→ WHAT YOU SHOULD DO
In the entries that follow, the lines from the one with "FILE_DESCRIPTION (( 'STEP AP214' ), '1' );" through the one with "Bounding box: 125 x 125 x 154 mm (x, y, z)" are the ones to write out, exactly and with both ends included. Nothing else should appear.

[Dataset items]
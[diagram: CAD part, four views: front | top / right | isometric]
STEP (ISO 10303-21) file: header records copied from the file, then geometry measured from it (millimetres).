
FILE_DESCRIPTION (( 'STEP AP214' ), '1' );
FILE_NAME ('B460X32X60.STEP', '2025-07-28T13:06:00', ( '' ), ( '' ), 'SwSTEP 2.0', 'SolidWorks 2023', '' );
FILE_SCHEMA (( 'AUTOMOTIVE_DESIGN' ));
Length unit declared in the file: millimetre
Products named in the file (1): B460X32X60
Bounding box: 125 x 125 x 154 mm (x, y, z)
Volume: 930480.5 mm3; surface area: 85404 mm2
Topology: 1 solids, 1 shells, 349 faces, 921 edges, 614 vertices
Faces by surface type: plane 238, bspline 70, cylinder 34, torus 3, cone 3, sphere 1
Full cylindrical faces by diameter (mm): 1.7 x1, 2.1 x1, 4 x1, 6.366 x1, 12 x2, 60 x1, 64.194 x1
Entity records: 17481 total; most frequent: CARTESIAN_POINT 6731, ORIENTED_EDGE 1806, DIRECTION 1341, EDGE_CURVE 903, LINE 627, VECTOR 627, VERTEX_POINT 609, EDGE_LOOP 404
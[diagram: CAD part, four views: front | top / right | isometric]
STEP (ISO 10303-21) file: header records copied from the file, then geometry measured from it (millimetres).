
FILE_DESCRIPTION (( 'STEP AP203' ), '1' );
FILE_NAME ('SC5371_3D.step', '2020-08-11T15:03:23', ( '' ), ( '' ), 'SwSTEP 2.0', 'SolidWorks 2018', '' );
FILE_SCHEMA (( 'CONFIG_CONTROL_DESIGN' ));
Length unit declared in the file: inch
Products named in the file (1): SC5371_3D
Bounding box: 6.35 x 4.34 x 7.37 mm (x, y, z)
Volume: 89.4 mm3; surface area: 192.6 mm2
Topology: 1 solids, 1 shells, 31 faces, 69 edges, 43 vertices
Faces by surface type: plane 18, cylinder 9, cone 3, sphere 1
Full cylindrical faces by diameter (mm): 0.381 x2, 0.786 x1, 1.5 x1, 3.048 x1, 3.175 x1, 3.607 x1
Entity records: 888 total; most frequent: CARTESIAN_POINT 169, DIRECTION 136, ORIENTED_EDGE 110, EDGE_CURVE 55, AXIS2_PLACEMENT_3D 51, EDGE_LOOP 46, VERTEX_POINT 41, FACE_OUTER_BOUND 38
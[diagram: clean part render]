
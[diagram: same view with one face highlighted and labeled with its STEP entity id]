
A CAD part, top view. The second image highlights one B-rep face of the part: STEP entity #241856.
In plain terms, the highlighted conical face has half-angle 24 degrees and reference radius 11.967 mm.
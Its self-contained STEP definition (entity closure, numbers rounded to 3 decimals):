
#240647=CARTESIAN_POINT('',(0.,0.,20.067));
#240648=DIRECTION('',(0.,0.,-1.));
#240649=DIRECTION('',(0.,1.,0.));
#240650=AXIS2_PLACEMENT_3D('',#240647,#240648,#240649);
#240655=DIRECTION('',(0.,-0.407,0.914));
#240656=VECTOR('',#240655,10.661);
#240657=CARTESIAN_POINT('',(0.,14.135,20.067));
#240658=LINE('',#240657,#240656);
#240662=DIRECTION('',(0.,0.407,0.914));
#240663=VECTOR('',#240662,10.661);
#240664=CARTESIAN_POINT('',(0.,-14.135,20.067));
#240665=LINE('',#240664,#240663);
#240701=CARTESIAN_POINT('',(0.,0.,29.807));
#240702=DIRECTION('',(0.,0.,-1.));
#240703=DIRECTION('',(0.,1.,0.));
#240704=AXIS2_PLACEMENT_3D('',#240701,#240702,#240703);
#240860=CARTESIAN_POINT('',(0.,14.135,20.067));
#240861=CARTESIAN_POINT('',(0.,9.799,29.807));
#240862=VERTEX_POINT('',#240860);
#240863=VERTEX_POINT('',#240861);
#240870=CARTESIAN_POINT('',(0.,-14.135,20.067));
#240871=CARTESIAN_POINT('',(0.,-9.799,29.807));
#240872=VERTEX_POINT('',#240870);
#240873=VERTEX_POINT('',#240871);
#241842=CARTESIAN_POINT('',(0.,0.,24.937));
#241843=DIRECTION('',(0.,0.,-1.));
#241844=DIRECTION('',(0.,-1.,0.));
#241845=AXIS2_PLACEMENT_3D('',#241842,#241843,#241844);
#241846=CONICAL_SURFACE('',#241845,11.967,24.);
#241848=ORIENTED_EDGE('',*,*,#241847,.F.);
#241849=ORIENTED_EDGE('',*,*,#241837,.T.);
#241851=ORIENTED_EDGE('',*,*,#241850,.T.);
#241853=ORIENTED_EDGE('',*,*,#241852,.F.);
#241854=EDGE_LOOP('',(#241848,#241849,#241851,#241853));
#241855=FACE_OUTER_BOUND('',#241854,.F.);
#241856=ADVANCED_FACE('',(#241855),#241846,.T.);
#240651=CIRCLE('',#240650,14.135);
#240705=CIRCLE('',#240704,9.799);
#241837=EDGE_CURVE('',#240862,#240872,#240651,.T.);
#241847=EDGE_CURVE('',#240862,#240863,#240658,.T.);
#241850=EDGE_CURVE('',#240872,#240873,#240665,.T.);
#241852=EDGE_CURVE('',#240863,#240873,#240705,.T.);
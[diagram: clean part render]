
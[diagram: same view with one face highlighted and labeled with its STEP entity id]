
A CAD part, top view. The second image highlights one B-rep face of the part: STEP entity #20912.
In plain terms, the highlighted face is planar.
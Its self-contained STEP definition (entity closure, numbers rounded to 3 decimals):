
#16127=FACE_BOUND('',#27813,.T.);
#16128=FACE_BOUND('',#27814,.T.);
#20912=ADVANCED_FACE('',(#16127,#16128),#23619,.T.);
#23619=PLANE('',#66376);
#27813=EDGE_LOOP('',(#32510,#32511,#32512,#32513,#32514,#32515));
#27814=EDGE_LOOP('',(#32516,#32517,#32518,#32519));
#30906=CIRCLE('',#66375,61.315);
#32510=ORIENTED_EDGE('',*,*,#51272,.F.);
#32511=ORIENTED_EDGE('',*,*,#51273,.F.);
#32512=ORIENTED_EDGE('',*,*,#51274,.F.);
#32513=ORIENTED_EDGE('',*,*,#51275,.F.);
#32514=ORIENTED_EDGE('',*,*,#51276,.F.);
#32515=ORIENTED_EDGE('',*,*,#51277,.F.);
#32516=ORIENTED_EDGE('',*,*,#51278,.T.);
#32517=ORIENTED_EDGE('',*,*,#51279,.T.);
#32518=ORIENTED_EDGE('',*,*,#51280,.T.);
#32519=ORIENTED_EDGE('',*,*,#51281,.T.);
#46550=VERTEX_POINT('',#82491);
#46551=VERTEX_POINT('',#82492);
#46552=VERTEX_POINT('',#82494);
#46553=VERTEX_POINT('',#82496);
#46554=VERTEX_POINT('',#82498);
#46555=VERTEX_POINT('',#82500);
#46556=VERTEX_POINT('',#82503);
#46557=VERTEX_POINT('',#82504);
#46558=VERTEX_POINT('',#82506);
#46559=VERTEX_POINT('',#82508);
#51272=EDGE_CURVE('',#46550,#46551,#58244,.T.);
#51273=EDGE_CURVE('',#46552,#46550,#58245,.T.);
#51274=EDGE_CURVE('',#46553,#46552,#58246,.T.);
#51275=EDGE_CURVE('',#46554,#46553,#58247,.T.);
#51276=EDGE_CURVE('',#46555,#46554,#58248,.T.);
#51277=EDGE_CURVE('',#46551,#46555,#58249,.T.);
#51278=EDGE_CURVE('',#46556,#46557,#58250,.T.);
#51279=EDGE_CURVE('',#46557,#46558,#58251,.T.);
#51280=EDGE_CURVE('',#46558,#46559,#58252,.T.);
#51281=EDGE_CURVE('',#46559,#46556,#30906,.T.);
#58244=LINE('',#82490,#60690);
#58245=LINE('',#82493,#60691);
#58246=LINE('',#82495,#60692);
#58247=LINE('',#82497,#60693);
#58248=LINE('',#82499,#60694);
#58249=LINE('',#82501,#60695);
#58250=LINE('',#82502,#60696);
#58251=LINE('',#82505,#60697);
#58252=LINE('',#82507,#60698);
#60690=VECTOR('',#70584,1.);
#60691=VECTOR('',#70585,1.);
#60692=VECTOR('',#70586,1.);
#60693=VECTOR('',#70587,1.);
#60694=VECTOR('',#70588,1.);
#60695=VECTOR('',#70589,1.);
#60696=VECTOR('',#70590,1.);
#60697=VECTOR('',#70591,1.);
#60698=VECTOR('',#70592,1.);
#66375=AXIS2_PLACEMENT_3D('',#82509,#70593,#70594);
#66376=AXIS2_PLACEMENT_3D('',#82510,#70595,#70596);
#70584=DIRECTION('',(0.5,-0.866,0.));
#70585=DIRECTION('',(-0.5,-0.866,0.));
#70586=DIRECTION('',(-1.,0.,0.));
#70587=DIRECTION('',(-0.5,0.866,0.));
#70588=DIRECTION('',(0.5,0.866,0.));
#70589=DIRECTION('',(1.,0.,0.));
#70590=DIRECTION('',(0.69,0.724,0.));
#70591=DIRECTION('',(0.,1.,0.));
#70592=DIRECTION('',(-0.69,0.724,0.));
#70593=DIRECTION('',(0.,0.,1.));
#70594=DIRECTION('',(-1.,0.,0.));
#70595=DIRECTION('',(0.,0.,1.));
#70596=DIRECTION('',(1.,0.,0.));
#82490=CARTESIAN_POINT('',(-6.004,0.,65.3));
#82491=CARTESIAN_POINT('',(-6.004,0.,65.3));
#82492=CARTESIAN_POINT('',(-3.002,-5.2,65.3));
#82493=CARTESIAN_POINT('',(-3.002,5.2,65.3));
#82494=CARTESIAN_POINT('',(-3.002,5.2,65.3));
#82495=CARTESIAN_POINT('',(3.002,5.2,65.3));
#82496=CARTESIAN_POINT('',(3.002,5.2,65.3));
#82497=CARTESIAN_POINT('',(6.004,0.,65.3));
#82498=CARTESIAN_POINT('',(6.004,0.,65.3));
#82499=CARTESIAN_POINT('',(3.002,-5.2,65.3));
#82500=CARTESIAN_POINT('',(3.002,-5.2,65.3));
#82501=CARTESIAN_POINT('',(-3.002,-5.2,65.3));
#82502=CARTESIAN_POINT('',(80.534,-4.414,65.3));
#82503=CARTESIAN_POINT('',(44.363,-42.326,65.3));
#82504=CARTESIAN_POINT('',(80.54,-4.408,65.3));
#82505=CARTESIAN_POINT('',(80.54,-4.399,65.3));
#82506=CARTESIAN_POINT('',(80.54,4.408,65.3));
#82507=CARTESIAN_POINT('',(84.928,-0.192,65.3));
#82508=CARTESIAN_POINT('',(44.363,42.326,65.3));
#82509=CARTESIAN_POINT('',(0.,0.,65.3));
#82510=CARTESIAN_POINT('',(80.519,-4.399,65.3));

→ SOLUTION TO THE PROBLEM
FILE_DESCRIPTION (( 'STEP AP214' ), '1' );
FILE_NAME ('B460X32X60.STEP', '2025-07-28T13:06:00', ( '' ), ( '' ), 'SwSTEP 2.0', 'SolidWorks 2023', '' );
FILE_SCHEMA (( 'AUTOMOTIVE_DESIGN' ));
Length unit declared in the file: millimetre
Products named in the file (1): B460X32X60
Bounding box: 125 x 125 x 154 mm (x, y, z)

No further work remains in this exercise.